2. Email Secrets Creation:

  • create-email-secrets.sh: This script facilitates the creation of Kubernetes secrets necessary for Perf to send emails via Gmail. This typically involves an OAuth 2.0 flow.
    • Why: Perf needs to send email notifications (e.g., for alerts). Using Gmail programmatically requires proper authentication, which is achieved through OAuth 2.0. Storing these credentials as Kubernetes secrets makes them securely available to the Perf application pods.
    • How: This script guides the user through a semi-automated process:
    • It takes the email address to be authenticated as an argument (e.g., alertserver@skia.org).
    • It converts the email address into a Kubernetes-friendly secret name format (e.g., alertserver-skia-org).
    • It prompts the user to download the client_secret.json file (obtained from the Google Cloud Console after enabling the Gmail API and creating OAuth 2.0 client credentials) to /tmp/ramdisk.
    • It then instructs the user to run the three_legged_flow Go program (which must be built and installed separately from ../go/email/three_legged_flow). This program initiates the OAuth 2.0 three-legged authentication flow. User Action: Run three_legged_flow --> Browser opens for Google Auth --> User authenticates as specified email | v three_legged_flow generates client_token.json
    • Once client_token.json (containing the authorization token and refresh token) is generated in /tmp/ramdisk, the script uses kubectl create secret generic to create a Kubernetes secret named perf-${EMAIL}-secrets. This secret contains both client_secret.json and client_token.json.

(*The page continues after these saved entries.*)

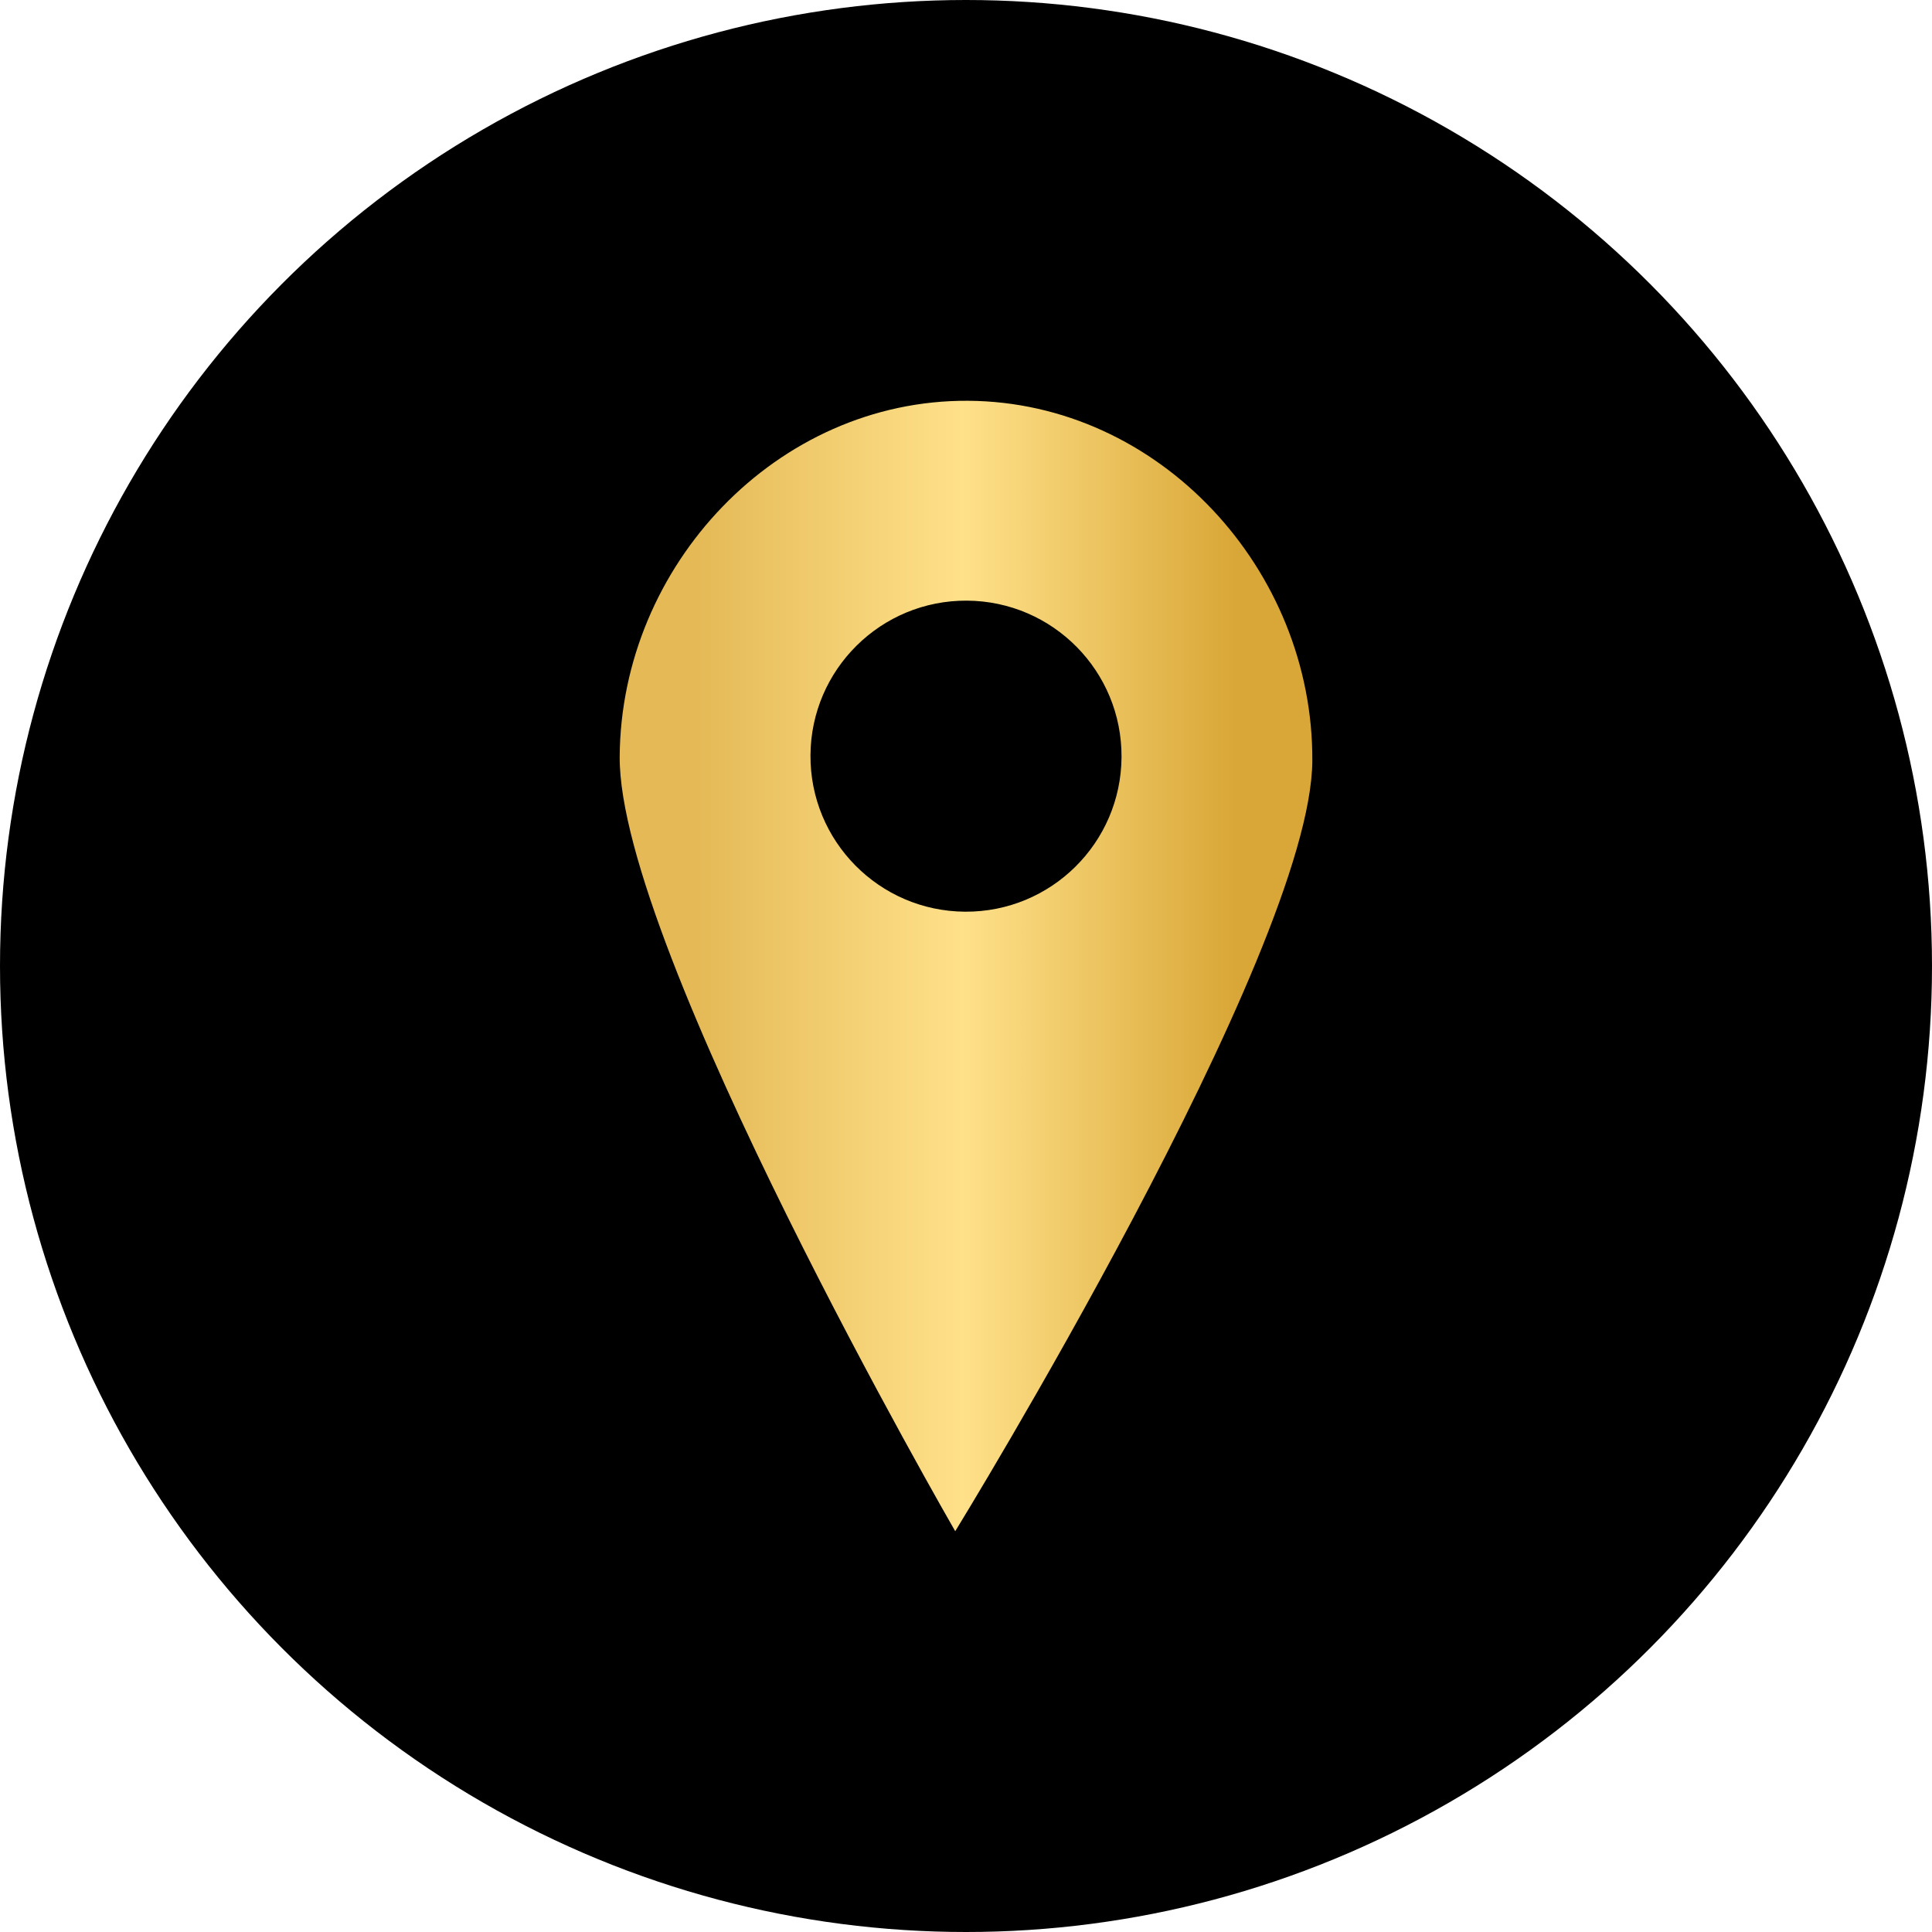 <?xml version="1.0" encoding="utf-8"?>
<!-- Generator: Adobe Illustrator 17.0.0, SVG Export Plug-In . SVG Version: 6.00 Build 0)  -->
<!DOCTYPE svg PUBLIC "-//W3C//DTD SVG 1.1//EN" "http://www.w3.org/Graphics/SVG/1.1/DTD/svg11.dtd">
<svg version="1.1" id="圖層_1" xmlns="http://www.w3.org/2000/svg" xmlns:xlink="http://www.w3.org/1999/xlink" x="0px" y="0px"
	 width="120px" height="120px" viewBox="0 0 120 120" enable-background="new 0 0 120 120" xml:space="preserve">
<circle cx="60" cy="60" r="60"/>
<linearGradient id="SVGID_1_" gradientUnits="userSpaceOnUse" x1="38.489" y1="60" x2="81.511" y2="60">
	<stop  offset="0.11" style="stop-color:#E4B956"/>
	<stop  offset="0.495" style="stop-color:#FFE18A"/>
	<stop  offset="0.888" style="stop-color:#D9A737"/>
</linearGradient>
<path fill="url(#SVGID_1_)" d="M60.128,24.893c-11.88-0.071-21.568,10.234-21.638,22.114c-0.071,11.88,20.841,48.1,20.841,48.1
	s22.11-35.964,22.18-47.844S72.008,24.964,60.128,24.893z M59.943,56.627c-5.335-0.032-9.634-4.382-9.603-9.717
	c0.032-5.335,4.382-9.634,9.717-9.603c5.335,0.032,9.634,4.382,9.603,9.717C69.629,52.359,65.278,56.659,59.943,56.627z"/>
<g>
</g>
<g>
</g>
<g>
</g>
<g>
</g>
<g>
</g>
<g>
</g>
</svg>

    • Crucially, it then removes the client_token.json file from the local filesystem because it contains a sensitive refresh token. The source of truth for this token becomes the Kubernetes secret.
    • The use of /tmp/ramdisk ensures that sensitive downloaded and generated files are stored in memory and are less likely to be inadvertently persisted.

The common pattern across these scripts is the use of gcloud for Google Cloud resource management and kubectl for interacting with Kubernetes to store the secrets. The use of a ramdisk for temporary storage of sensitive files like service account keys and OAuth tokens is a security best practice. Workload Identity is preferred for service accounts running in GKE, reducing the need to manage and distribute service account key files.